One of the key ingredients needed for you to get in better shape and then stay in better shape is better meal planning.
What you eat and the quantity of it that you eat plays a HUGE role in your overall fitness. Most people eat the wrong things, to begin with – and to make that even worse they eat crazy portions that are just far too much food. That winds up making them fatter and less healthy, and just not feeling their best either.
So lets first talk about portion controls and what portions you really need to be eating.
I know that’s backwards from the “WHAT” you should be eating everyone else loves to talk about – but stick with me anyway. Here is the thing, even if you are eating what you eat even when it is the wrong things – decreasing the amounts of it is still beneficial to you immediately.
That will become even more beneficial when the quality of your food improves – but first, let work on the quantity.
How Much Food Should You Be Eating in A Day?
Just enough to fuel your body and no more.
That is the short answer, now the longer explanation. Most people eat approximately FOUR TIMES the amount of food per day as they actually need!
That means to do better they need to cut their quantity down by about 75% each meal. In other words, if that applies to you (and it probably does) look at your next plate of food. now divide your food on that plate into four equal parts – then remove three of them and eat only what remains.
Put the rest in sealed containers and back in the fridge – and now you have three more meals waiting!
Think of the grocery bill saving you are going to enjoy IF you actually apply this method.
Now before you actually do such a thing – standard disclaimer – I am not a doctor nor do I care to be one either, and that means you should consult your own health care professional of your own choice at your own expense before you do anything, if you so desire.
Your life and your responsibility.
Food Quality – Eating Better and Eating Less
Once you get your portions under control and have given your body and your mind a few weeks (maybe about 4 to 12 weeks) to adjust, then it is time to start making some serious improvements to the WHAT you are eating.
First of all, make a list of anything you are currently consuming that you already know is BAD for you. You know what I mean. Soda and anything else that is full of sugar. Bread. Chemical laden fake food-like substances.
Start looking for alternatives and replacements.
Instead of drinking soda – drink water.
Instead of artificial and chemical-laden snack foods – eat a hand full of macadamia nuts or a few carrots.
If you look hard enough you will find other things you can consume that are tasty, provide the fuel you need, are affordable and available – and best of all – are far better for you than the junk you have been eating.

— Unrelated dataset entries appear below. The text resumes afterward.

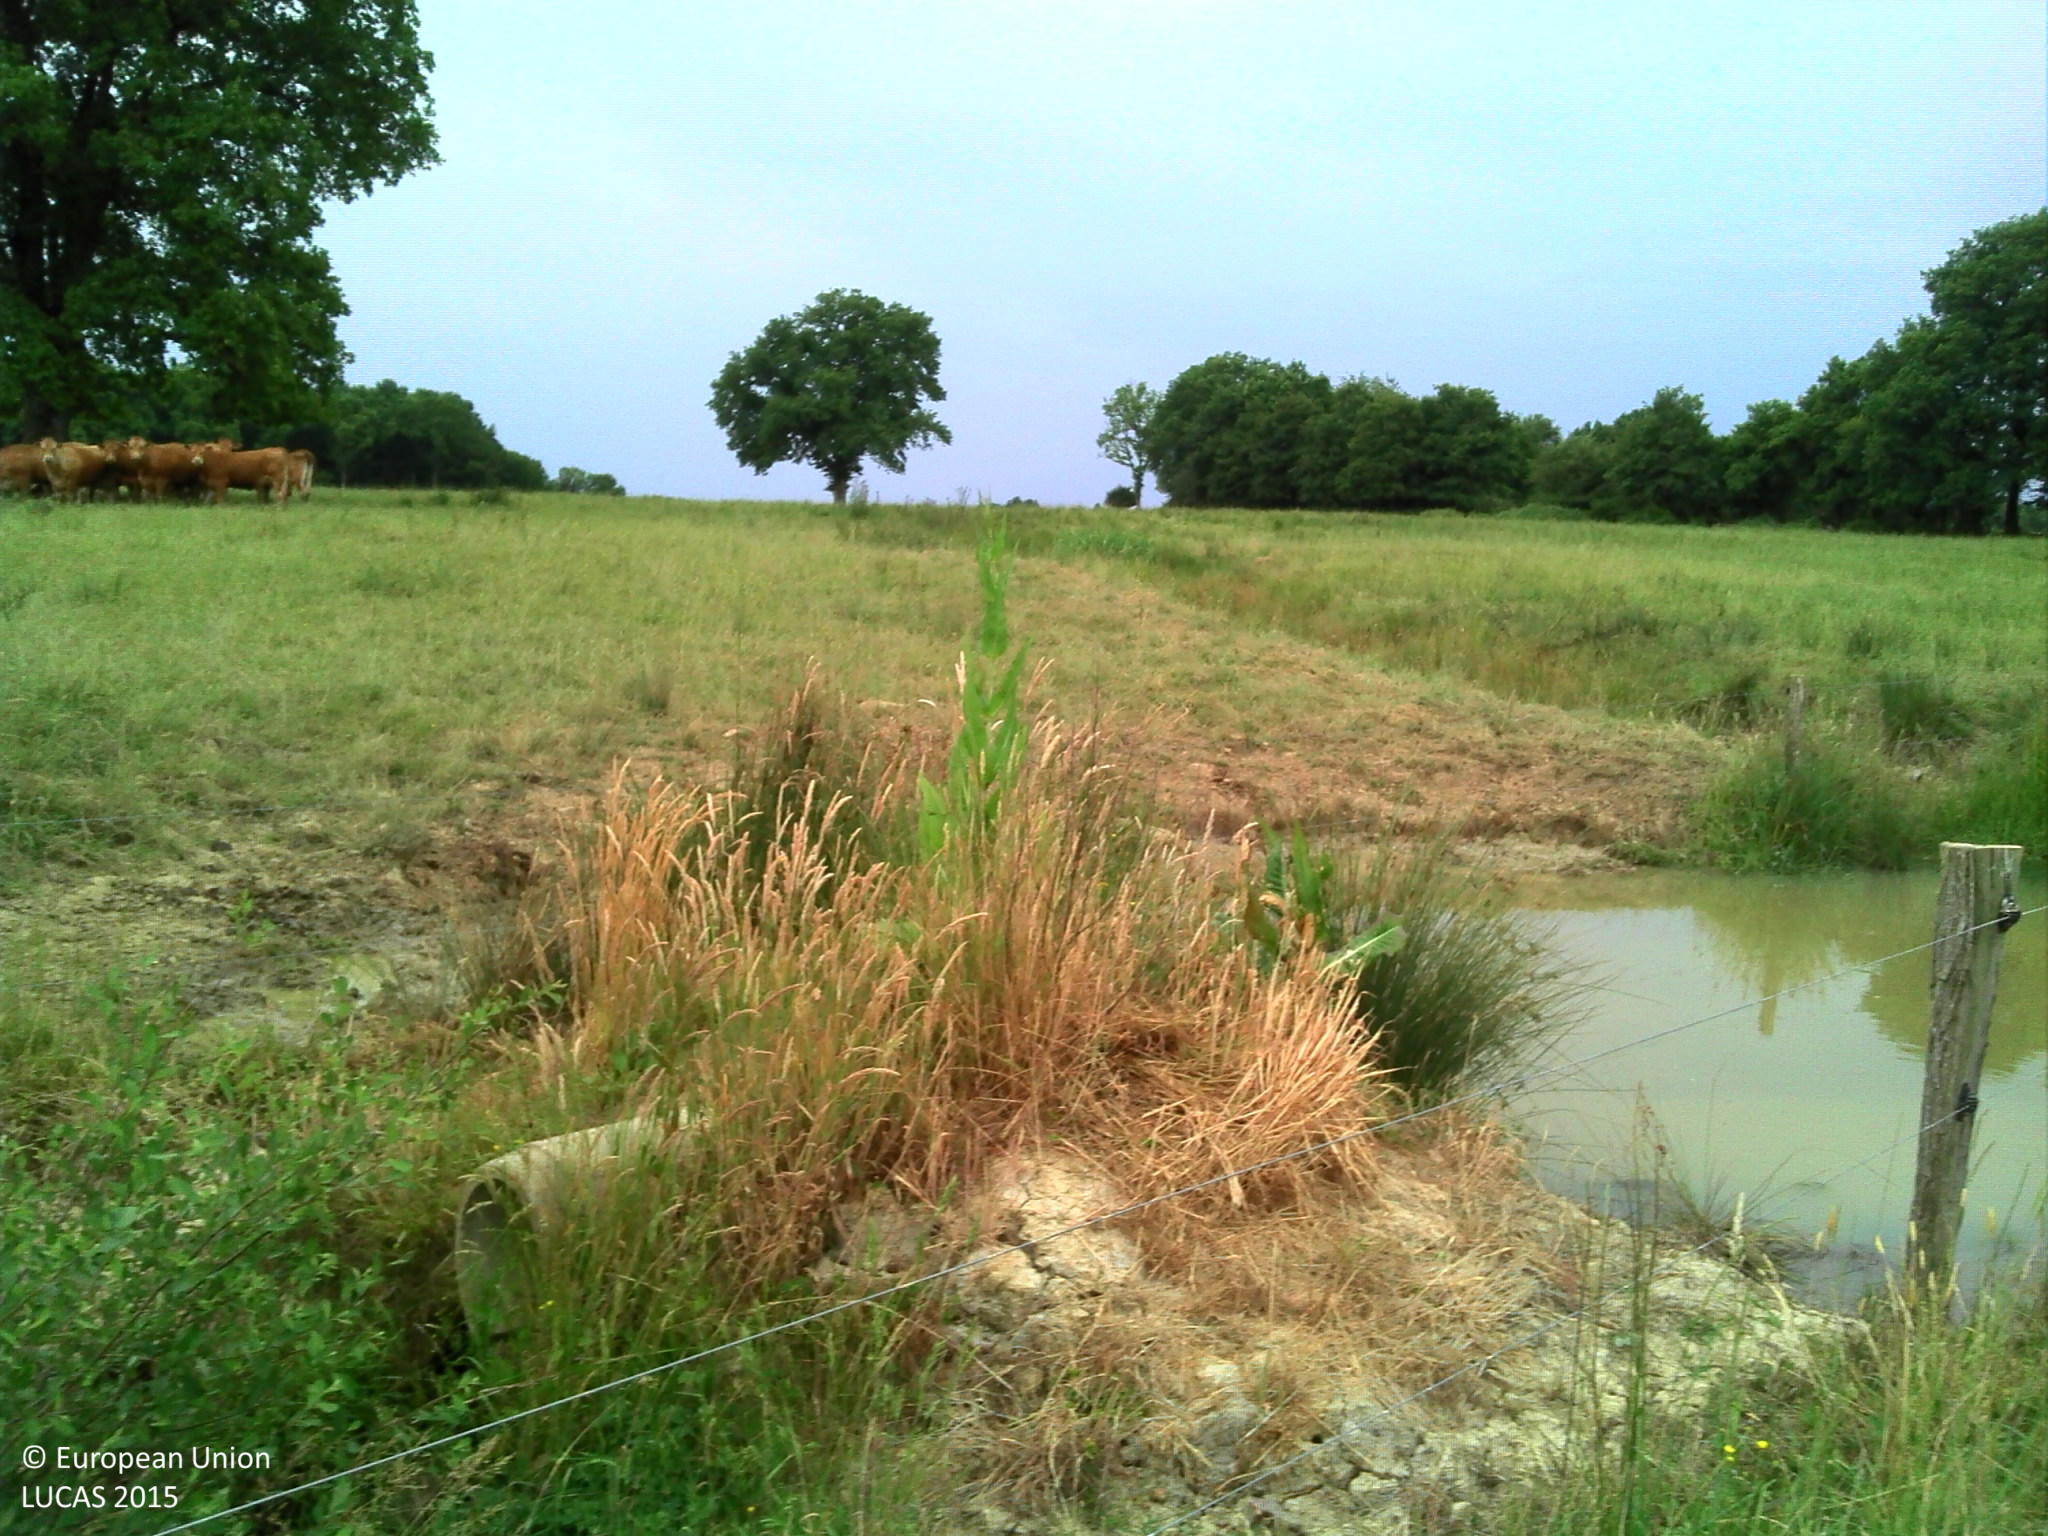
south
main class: Grassland
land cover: Grassland without tree/shrub cover
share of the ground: > 75 %
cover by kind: herbaceous plants 100 %
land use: Agriculture (excluding fallow land and kitchen gardens)
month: June
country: FR
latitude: 46.7689
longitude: 2.6750

Differing Opinions and Values
People are funny. One will tell you to do the exact opposite of what another would have you do. So you have to do your own research, and your own thinking too.

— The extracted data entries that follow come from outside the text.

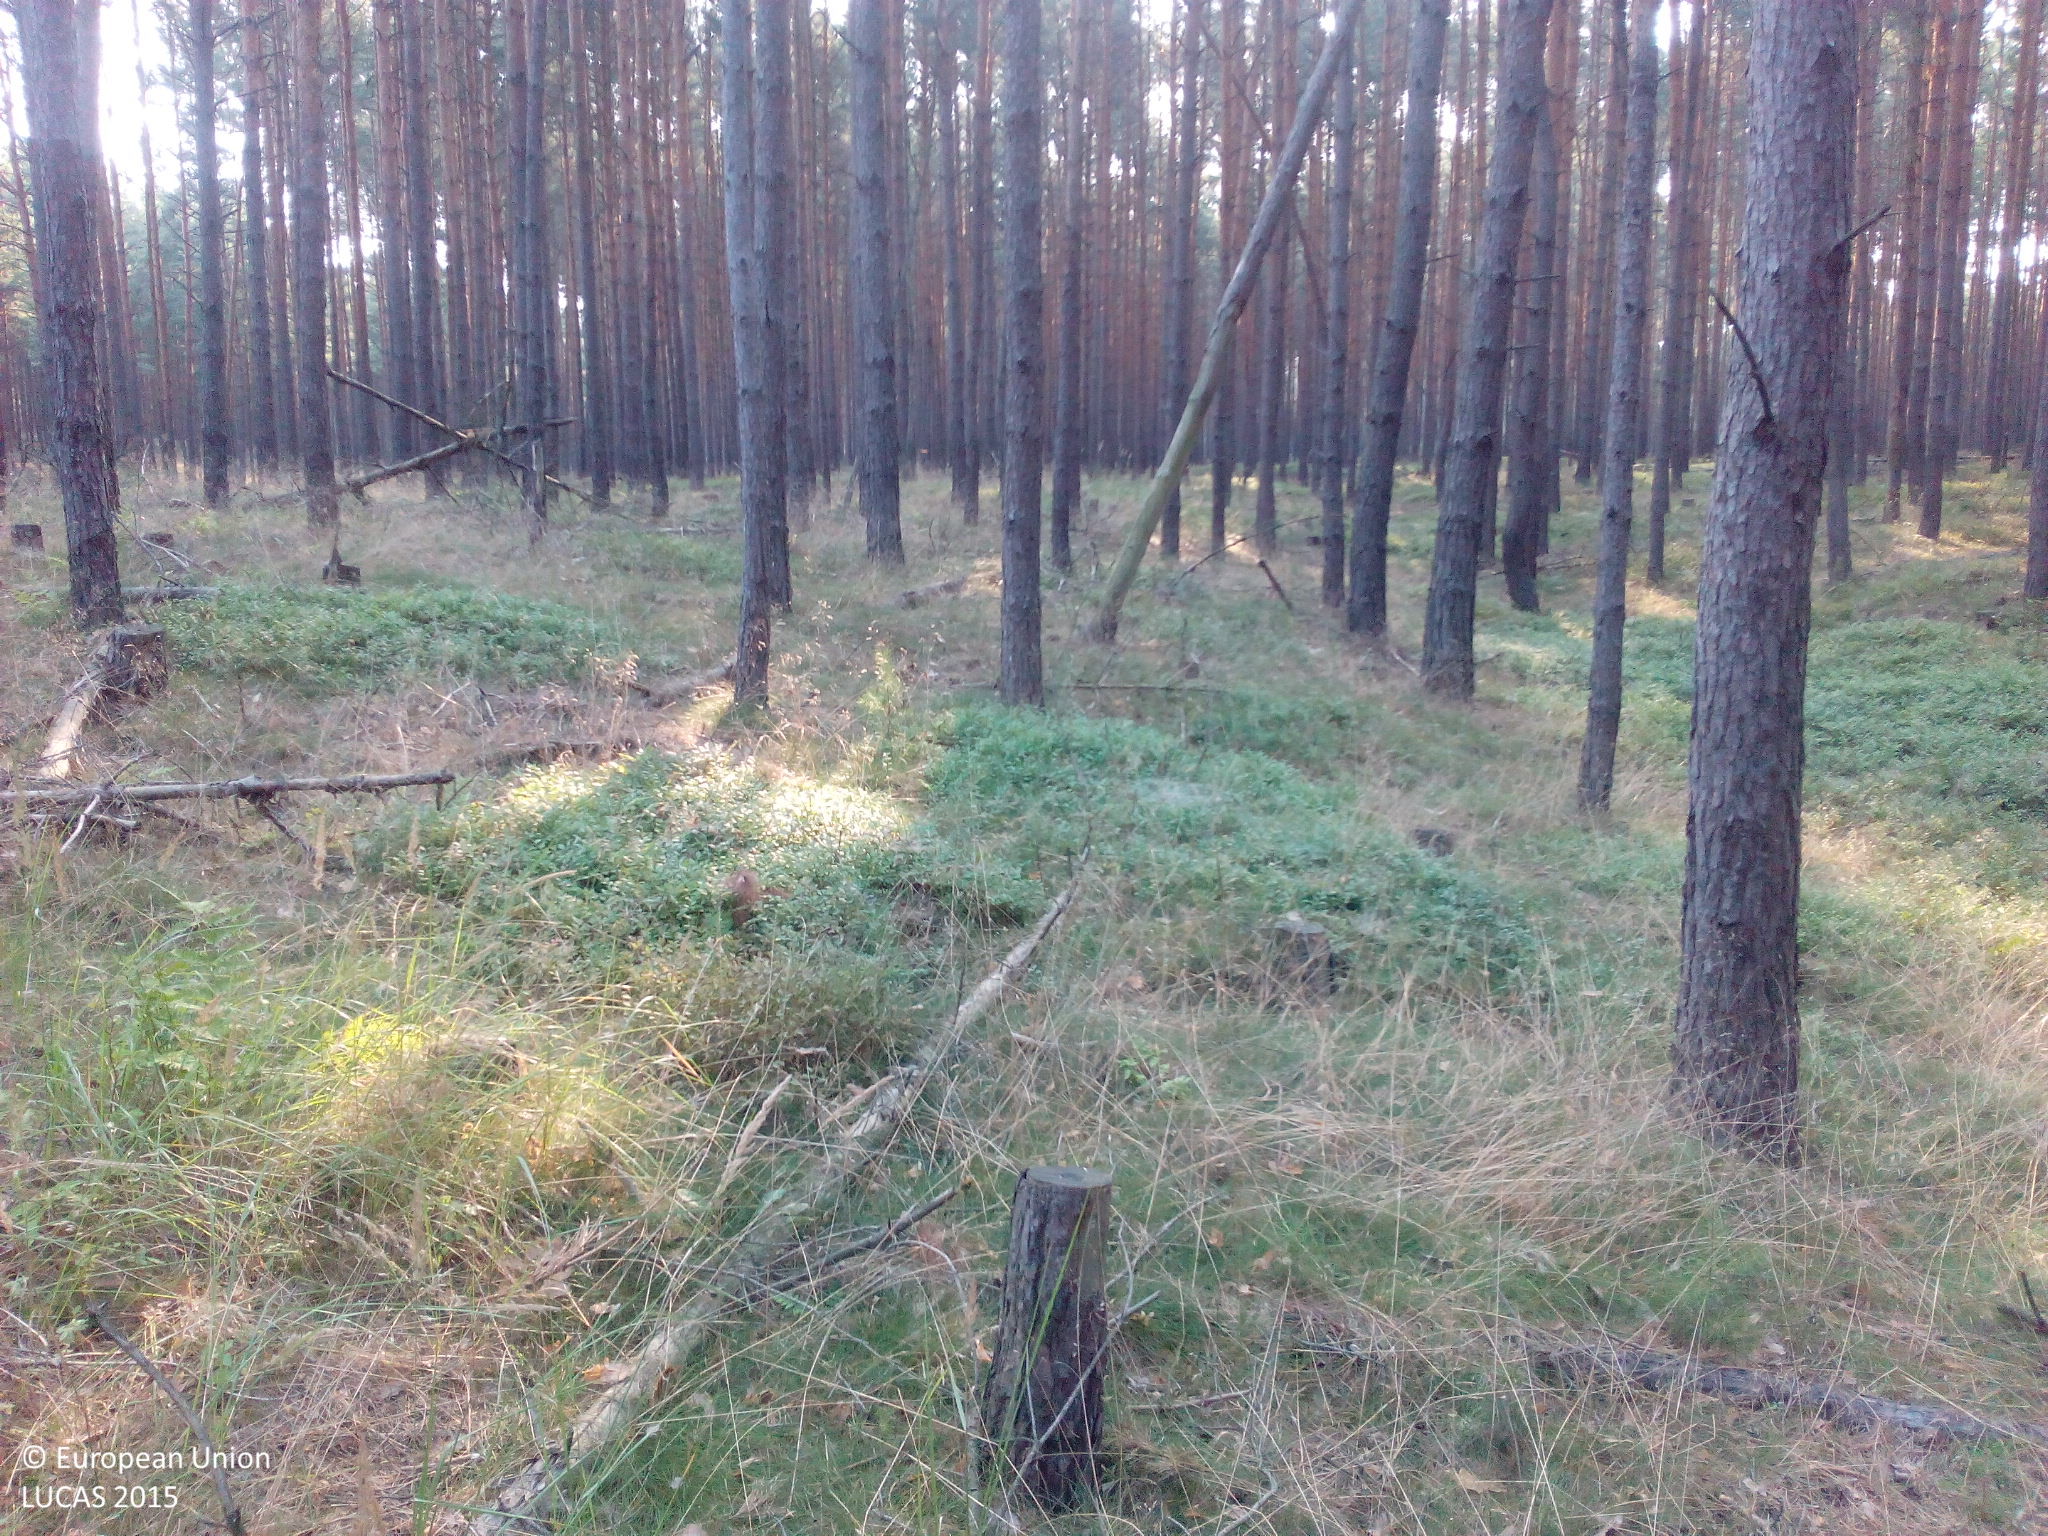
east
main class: Woodland
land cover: Pine dominated coniferous woodland
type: hemiboreal forest and nemoral coniferous forest and mixed broadleaved-coniferous forest
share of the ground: > 75 %
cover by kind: coniferous forest trees 95 %, herbaceous plants 5 %
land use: Forestry
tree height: > 5 m
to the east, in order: Pine dominated coniferous woodland
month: August
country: DE
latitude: 51.6795
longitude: 13.4569

Then once you have your information and have considered it all – you do whatever you choose to do. Just do it intentionally.

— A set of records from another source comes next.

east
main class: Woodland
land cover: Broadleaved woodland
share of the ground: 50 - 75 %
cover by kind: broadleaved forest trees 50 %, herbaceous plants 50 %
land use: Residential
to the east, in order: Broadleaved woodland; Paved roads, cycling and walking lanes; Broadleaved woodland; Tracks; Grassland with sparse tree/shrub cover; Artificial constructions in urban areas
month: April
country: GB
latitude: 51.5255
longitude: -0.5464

Action is what changes your life, not simply thinking about it. Thinking is a good start, but to make anything that matters actually occur there is only one path to that – take action. Believe me, when I tell you – there is no way you are going to ever manifest the body you want or any body that is better than what you currently have – except by coupling all that thinking with actually doing the things to make the changes you want. Period.
What you do first and in what order is a matter of debate. For example, some say you should focus on the quality of what you eat first (I disagree), and others, like me, say get the quantity down before your worry about changing the WHAT so much.
Either will work if you actually do the work – though you have my opinion on which I feel like is the better choice to start with. In the end, just getting it done is the most important thing, regardless of which you choose to do first.